There was still more in store from the spirits. My friend Kimbra's insight was that Mystico would send me feathers as sign of connection, so I was on the lookout for whatever would appear. Somehow I didn’t expect a sign so soon. Yet in that moment my spirit was light as a feather, buoyed up by the appearance of the hawk, so my perception was keen enough to see the tiniest feather resting in the dirt from Mystico's grave. I immediately recognized it was a gift from his spirit because I always associate black to white as the symbol of his changing coat colors over the years. There we all were, the horses and the wild ones and the spirits all together, our joined hearts held in sacred infinity between heaven and earth.
Rewilding
The deer herd that graces our land has made their presence known in acknowledging the changes. They walk across the disturbed earthen mounds, blessing them with their delicate hooves. They are reclaiming the horse paddock. As the grass already starts to grow in the bare earth we start to remember what it was like when we moved here twenty-three years ago, when the fields stretched for four acres without fences. Darma brought us here when the land was parched, stripped, and vacant. It is now a glorious wild garden, and will continue to be so now, even more.

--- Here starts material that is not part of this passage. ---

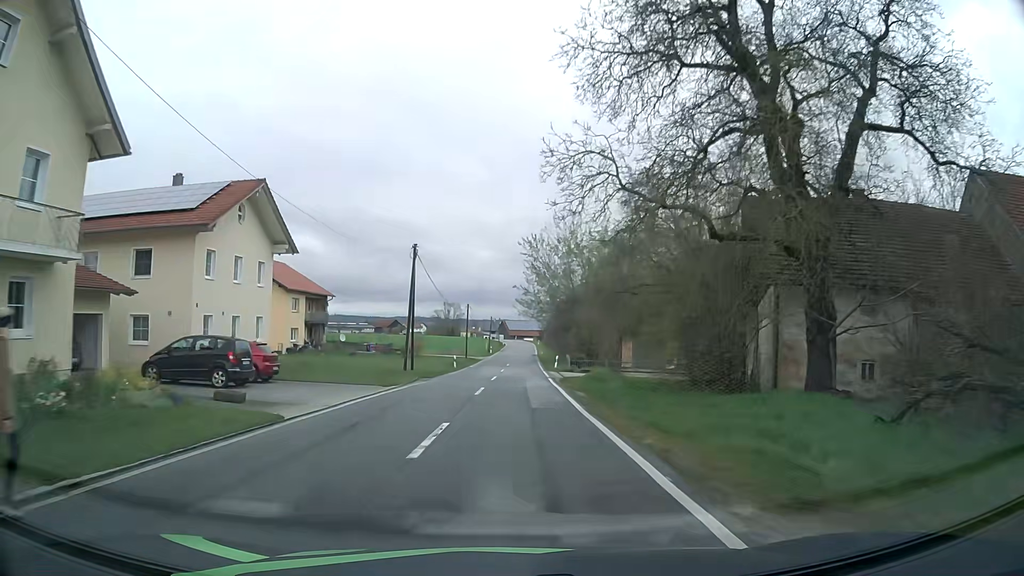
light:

We are in a conversation with the stalls about what structures they want to be, and what they want to hold now. Even though the space feels incredibly empty, my heart feels incredibly full.
Instead of only the void of abscence we are exploring how it feels to be beginning the next chapter of our life with the spirits of the horses, the spirit of our land, and the presences and spirits of all the creatures and beings who are drawn to our beloved SkyeLandeSea sanctuary.
Frodo sensing the changes
Nurta blessing the burial ground
Rod many heartfelt feelings and thoughts of space and time
Me on the deck of the home we built in 2015, oriented in alignment with the chakras of the land.
Dear Jill, Oh my, your heart and my heart have definitely had a kindred spirit connection and it means so much to me that you are open to my exploration of these deep emotional and spiritual concepts. The process of writing them is therapeutic for my heart and soul and it others like you can embrace the love with which I share, it is the most profound gift to me. My liquid Gratitude flows back to you.
~ Kim
Dear Kim, your phenomenal gift of sharing in so many ways gifts our hearts with a comfort and Love beyond words. While the words on my laptop are blurred due to the liquid Gratitude and Love flowing down my face, each one engraves on my heart a radiance so pure and absolute that my, yours and all of our grief is wrapped in wings of Grace. Deepest condolences for your physical loss and many blessings for your new chapter.
Kim,
Your story of Laddie, Mystico, Darma, the hawk, & deer was so touching, beautiful, & poignant. I prayed for you that day at the time of their passing.
(L & M)
My memories of my beloved Spirit (who crossed over 6/8/08) are as strong & loving as ever. He was my last horse to own, but not the last I rode. His ashes are with me now in a special place in my home , under 2 of your paintings.
You will feel their presence & spirits daily……which will help in healing. Grief IS the price we pay for love. But much sadder & worse is to never have loved.
Perhaps an inspiration will come to you…
Kim,
Your Love sharings are a blessing to us all! Your expression of life touches the core, the essence of the love we all are. May you keep receiving the love you send....With deepest heartfelt gratitude for you! May we Keep on the path together home. Namaste
I can't read this, because I've lived through a similar scenario on October 8, 2008, and the images and memories of that time remain forever fresh in my mind. My thoughts are with you.